> [Work required]: From the entries below, reproduce exactly the line containing "#81 = EDGE_CURVE", the line containing "#385 = DIRECTION", and every line in between, with nothing added.
====================
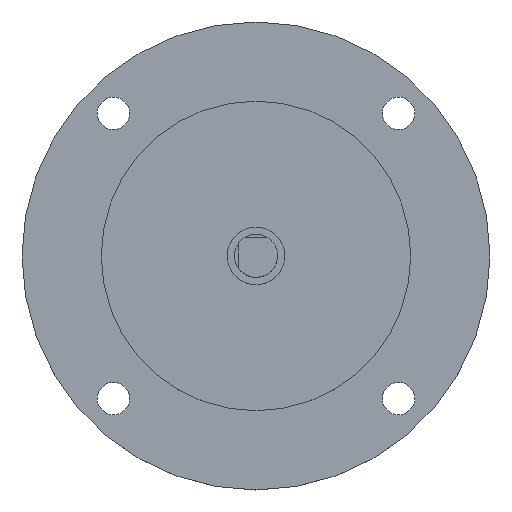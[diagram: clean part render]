
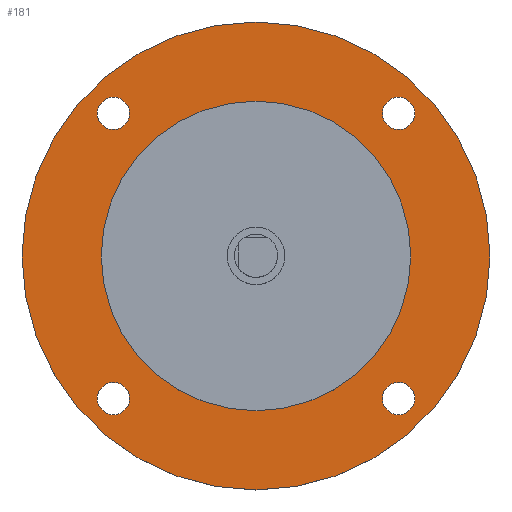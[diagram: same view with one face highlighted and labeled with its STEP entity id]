
A CAD part, top view. The second image highlights one B-rep face of the part: STEP entity #181.
In plain terms, the highlighted planar face has unit normal (0, 0, 1).
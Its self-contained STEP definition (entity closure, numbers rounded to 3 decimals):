
#20 = EDGE_CURVE ( 'NONE', #21, #22, #401, .T. ) ;
#21 = VERTEX_POINT ( 'NONE', #396 ) ;
#22 = VERTEX_POINT ( 'NONE', #395 ) ;
#42 = VERTEX_POINT ( 'NONE', #474 ) ;
#62 = ORIENTED_EDGE ( 'NONE', *, *, #245, .F. ) ;
#63 = EDGE_LOOP ( 'NONE', ( #64, #66 ) ) ;
#64 = ORIENTED_EDGE ( 'NONE', *, *, #65, .F. ) ;
#65 = EDGE_CURVE ( 'NONE', #236, #243, #529, .T. ) ;
#66 = ORIENTED_EDGE ( 'NONE', *, *, #235, .F. ) ;
#67 = EDGE_LOOP ( 'NONE', ( #68, #73 ) ) ;
#68 = ORIENTED_EDGE ( 'NONE', *, *, #72, .T. ) ;
#72 = EDGE_CURVE ( 'NONE', #22, #21, #517, .T. ) ;
#73 = ORIENTED_EDGE ( 'NONE', *, *, #20, .T. ) ;
#74 = EDGE_LOOP ( 'NONE', ( #75, #77 ) ) ;
#75 = ORIENTED_EDGE ( 'NONE', *, *, #76, .F. ) ;
#76 = EDGE_CURVE ( 'NONE', #130, #127, #388, .T. ) ;
#77 = ORIENTED_EDGE ( 'NONE', *, *, #124, .F. ) ;
#81 = EDGE_CURVE ( 'NONE', #230, #227, #377, .T. ) ;
#82 = ORIENTED_EDGE ( 'NONE', *, *, #229, .F. ) ;
#83 = ORIENTED_EDGE ( 'NONE', *, *, #217, .F. ) ;
#84 = ORIENTED_EDGE ( 'NONE', *, *, #85, .F. ) ;
#85 = EDGE_CURVE ( 'NONE', #244, #42, #565, .T. ) ;
#124 = EDGE_CURVE ( 'NONE', #127, #130, #754, .T. ) ;
#127 = VERTEX_POINT ( 'NONE', #776 ) ;
#130 = VERTEX_POINT ( 'NONE', #812 ) ;
#181 = ADVANCED_FACE ( 'NONE', ( #737, #736, #735, #734, #733, #732 ), #731, .T. ) ;
#182 = EDGE_LOOP ( 'NONE', ( #183, #82 ) ) ;
#183 = ORIENTED_EDGE ( 'NONE', *, *, #81, .F. ) ;
#187 = EDGE_LOOP ( 'NONE', ( #188, #83 ) ) ;
#188 = ORIENTED_EDGE ( 'NONE', *, *, #189, .F. ) ;
#189 = EDGE_CURVE ( 'NONE', #218, #215, #720, .T. ) ;
#190 = EDGE_LOOP ( 'NONE', ( #84, #62 ) ) ;
#215 = VERTEX_POINT ( 'NONE', #679 ) ;
#217 = EDGE_CURVE ( 'NONE', #215, #218, #678, .T. ) ;
#218 = VERTEX_POINT ( 'NONE', #673 ) ;
#227 = VERTEX_POINT ( 'NONE', #654 ) ;
#229 = EDGE_CURVE ( 'NONE', #227, #230, #653, .T. ) ;
#230 = VERTEX_POINT ( 'NONE', #648 ) ;
#235 = EDGE_CURVE ( 'NONE', #243, #236, #642, .T. ) ;
#236 = VERTEX_POINT ( 'NONE', #632 ) ;
#243 = VERTEX_POINT ( 'NONE', #585 ) ;
#244 = VERTEX_POINT ( 'NONE', #584 ) ;
#245 = EDGE_CURVE ( 'NONE', #42, #244, #582, .T. ) ;
#373 = DIRECTION ( 'NONE',  ( 0., -1., 0. ) ) ;
#374 = DIRECTION ( 'NONE',  ( 0., 0., 1. ) ) ;
#375 = CARTESIAN_POINT ( 'NONE',  ( 19.799, 19.799, 30.5 ) ) ;
#376 = AXIS2_PLACEMENT_3D ( 'NONE', #375, #374, #373 ) ;
#377 = CIRCLE ( 'NONE', #376, 2.25 ) ;
#384 = DIRECTION ( 'NONE',  ( 1., 0., 0. ) ) ;
#385 = DIRECTION ( 'NONE',  ( 0., 0., 1. ) ) ;
#386 = CARTESIAN_POINT ( 'NONE',  ( 0., 0., 30.5 ) ) ;
#387 = AXIS2_PLACEMENT_3D ( 'NONE', #386, #385, #384 ) ;
#388 = CIRCLE ( 'NONE', #387, 21.5 ) ;
#389 = DIRECTION ( 'NONE',  ( 1., 0., 0. ) ) ;
#390 = DIRECTION ( 'NONE',  ( 0., 0., 1. ) ) ;
#395 = CARTESIAN_POINT ( 'NONE',  ( -32.5, 0., 30.5 ) ) ;
#396 = CARTESIAN_POINT ( 'NONE',  ( 32.5, 0., 30.5 ) ) ;
#397 = DIRECTION ( 'NONE',  ( 1., 0., 0. ) ) ;
#398 = DIRECTION ( 'NONE',  ( 0., 0., 1. ) ) ;
#399 = CARTESIAN_POINT ( 'NONE',  ( 0., 0., 30.5 ) ) ;
#400 = AXIS2_PLACEMENT_3D ( 'NONE', #399, #398, #397 ) ;
#401 = CIRCLE ( 'NONE', #400, 32.5 ) ;
#474 = CARTESIAN_POINT ( 'NONE',  ( -19.799, -22.049, 30.5 ) ) ;
#515 = CARTESIAN_POINT ( 'NONE',  ( 0., 0., 30.5 ) ) ;
#516 = AXIS2_PLACEMENT_3D ( 'NONE', #515, #390, #389 ) ;
#517 = CIRCLE ( 'NONE', #516, 32.5 ) ;
#523 = DIRECTION ( 'NONE',  ( 1., 0., 0. ) ) ;
#524 = DIRECTION ( 'NONE',  ( 0., 0., 1. ) ) ;
#525 = CARTESIAN_POINT ( 'NONE',  ( -19.799, 19.799, 30.5 ) ) ;
#526 = AXIS2_PLACEMENT_3D ( 'NONE', #525, #524, #523 ) ;
#529 = CIRCLE ( 'NONE', #526, 2.25 ) ;
#561 = DIRECTION ( 'NONE',  ( 0., 1., 0. ) ) ;
#562 = DIRECTION ( 'NONE',  ( 0., 0., 1. ) ) ;
#563 = CARTESIAN_POINT ( 'NONE',  ( -19.799, -19.799, 30.5 ) ) ;
#564 = AXIS2_PLACEMENT_3D ( 'NONE', #563, #562, #561 ) ;
#565 = CIRCLE ( 'NONE', #564, 2.25 ) ;
#578 = DIRECTION ( 'NONE',  ( 0., 1., 0. ) ) ;
#579 = DIRECTION ( 'NONE',  ( 0., 0., 1. ) ) ;
#580 = CARTESIAN_POINT ( 'NONE',  ( -19.799, -19.799, 30.5 ) ) ;
#581 = AXIS2_PLACEMENT_3D ( 'NONE', #580, #579, #578 ) ;
#582 = CIRCLE ( 'NONE', #581, 2.25 ) ;
#584 = CARTESIAN_POINT ( 'NONE',  ( -19.799, -17.549, 30.5 ) ) ;
#585 = CARTESIAN_POINT ( 'NONE',  ( -22.049, 19.799, 30.5 ) ) ;
#632 = CARTESIAN_POINT ( 'NONE',  ( -17.549, 19.799, 30.5 ) ) ;
#633 = DIRECTION ( 'NONE',  ( 1., 0., 0. ) ) ;
#634 = DIRECTION ( 'NONE',  ( 0., 0., 1. ) ) ;
#635 = CARTESIAN_POINT ( 'NONE',  ( -19.799, 19.799, 30.5 ) ) ;
#636 = AXIS2_PLACEMENT_3D ( 'NONE', #635, #634, #633 ) ;
#642 = CIRCLE ( 'NONE', #636, 2.25 ) ;
#648 = CARTESIAN_POINT ( 'NONE',  ( 19.799, 17.549, 30.5 ) ) ;
#649 = DIRECTION ( 'NONE',  ( 0., -1., 0. ) ) ;
#650 = DIRECTION ( 'NONE',  ( 0., 0., 1. ) ) ;
#651 = CARTESIAN_POINT ( 'NONE',  ( 19.799, 19.799, 30.5 ) ) ;
#652 = AXIS2_PLACEMENT_3D ( 'NONE', #651, #650, #649 ) ;
#653 = CIRCLE ( 'NONE', #652, 2.25 ) ;
#654 = CARTESIAN_POINT ( 'NONE',  ( 19.799, 22.049, 30.5 ) ) ;
#673 = CARTESIAN_POINT ( 'NONE',  ( 17.549, -19.799, 30.5 ) ) ;
#674 = DIRECTION ( 'NONE',  ( -1., 0., 0. ) ) ;
#675 = DIRECTION ( 'NONE',  ( 0., 0., 1. ) ) ;
#676 = CARTESIAN_POINT ( 'NONE',  ( 19.799, -19.799, 30.5 ) ) ;
#677 = AXIS2_PLACEMENT_3D ( 'NONE', #676, #675, #674 ) ;
#678 = CIRCLE ( 'NONE', #677, 2.25 ) ;
#679 = CARTESIAN_POINT ( 'NONE',  ( 22.049, -19.799, 30.5 ) ) ;
#716 = DIRECTION ( 'NONE',  ( -1., 0., 0. ) ) ;
#717 = DIRECTION ( 'NONE',  ( 0., 0., 1. ) ) ;
#718 = CARTESIAN_POINT ( 'NONE',  ( 19.799, -19.799, 30.5 ) ) ;
#719 = AXIS2_PLACEMENT_3D ( 'NONE', #718, #717, #716 ) ;
#720 = CIRCLE ( 'NONE', #719, 2.25 ) ;
#726 = DIRECTION ( 'NONE',  ( 1., 0., 0. ) ) ;
#727 = DIRECTION ( 'NONE',  ( 0., 0., 1. ) ) ;
#728 = CARTESIAN_POINT ( 'NONE',  ( 0., 0., 30.5 ) ) ;
#730 = AXIS2_PLACEMENT_3D ( 'NONE', #728, #727, #726 ) ;
#731 = PLANE ( 'NONE',  #730 ) ;
#732 = FACE_BOUND ( 'NONE', #74, .T. ) ;
#733 = FACE_OUTER_BOUND ( 'NONE', #67, .T. ) ;
#734 = FACE_BOUND ( 'NONE', #63, .T. ) ;
#735 = FACE_BOUND ( 'NONE', #190, .T. ) ;
#736 = FACE_BOUND ( 'NONE', #187, .T. ) ;
#737 = FACE_BOUND ( 'NONE', #182, .T. ) ;
#754 = CIRCLE ( 'NONE', #780, 21.5 ) ;
#776 = CARTESIAN_POINT ( 'NONE',  ( 21.5, 0., 30.5 ) ) ;
#777 = DIRECTION ( 'NONE',  ( 1., 0., 0. ) ) ;
#778 = DIRECTION ( 'NONE',  ( 0., 0., 1. ) ) ;
#779 = CARTESIAN_POINT ( 'NONE',  ( 0., 0., 30.5 ) ) ;
#780 = AXIS2_PLACEMENT_3D ( 'NONE', #779, #778, #777 ) ;
#812 = CARTESIAN_POINT ( 'NONE',  ( -21.5, 0., 30.5 ) ) ;
====================
> [Task answer]:
#81 = EDGE_CURVE ( 'NONE', #230, #227, #377, .T. ) ;
#82 = ORIENTED_EDGE ( 'NONE', *, *, #229, .F. ) ;
#83 = ORIENTED_EDGE ( 'NONE', *, *, #217, .F. ) ;
#84 = ORIENTED_EDGE ( 'NONE', *, *, #85, .F. ) ;
#85 = EDGE_CURVE ( 'NONE', #244, #42, #565, .T. ) ;
#124 = EDGE_CURVE ( 'NONE', #127, #130, #754, .T. ) ;
#127 = VERTEX_POINT ( 'NONE', #776 ) ;
#130 = VERTEX_POINT ( 'NONE', #812 ) ;
#181 = ADVANCED_FACE ( 'NONE', ( #737, #736, #735, #734, #733, #732 ), #731, .T. ) ;
#182 = EDGE_LOOP ( 'NONE', ( #183, #82 ) ) ;
#183 = ORIENTED_EDGE ( 'NONE', *, *, #81, .F. ) ;
#187 = EDGE_LOOP ( 'NONE', ( #188, #83 ) ) ;
#188 = ORIENTED_EDGE ( 'NONE', *, *, #189, .F. ) ;
#189 = EDGE_CURVE ( 'NONE', #218, #215, #720, .T. ) ;
#190 = EDGE_LOOP ( 'NONE', ( #84, #62 ) ) ;
#215 = VERTEX_POINT ( 'NONE', #679 ) ;
#217 = EDGE_CURVE ( 'NONE', #215, #218, #678, .T. ) ;
#218 = VERTEX_POINT ( 'NONE', #673 ) ;
#227 = VERTEX_POINT ( 'NONE', #654 ) ;
#229 = EDGE_CURVE ( 'NONE', #227, #230, #653, .T. ) ;
#230 = VERTEX_POINT ( 'NONE', #648 ) ;
#235 = EDGE_CURVE ( 'NONE', #243, #236, #642, .T. ) ;
#236 = VERTEX_POINT ( 'NONE', #632 ) ;
#243 = VERTEX_POINT ( 'NONE', #585 ) ;
#244 = VERTEX_POINT ( 'NONE', #584 ) ;
#245 = EDGE_CURVE ( 'NONE', #42, #244, #582, .T. ) ;
#373 = DIRECTION ( 'NONE',  ( 0., -1., 0. ) ) ;
#374 = DIRECTION ( 'NONE',  ( 0., 0., 1. ) ) ;
#375 = CARTESIAN_POINT ( 'NONE',  ( 19.799, 19.799, 30.5 ) ) ;
#376 = AXIS2_PLACEMENT_3D ( 'NONE', #375, #374, #373 ) ;
#377 = CIRCLE ( 'NONE', #376, 2.25 ) ;
#384 = DIRECTION ( 'NONE',  ( 1., 0., 0. ) ) ;
#385 = DIRECTION ( 'NONE',  ( 0., 0., 1. ) ) ;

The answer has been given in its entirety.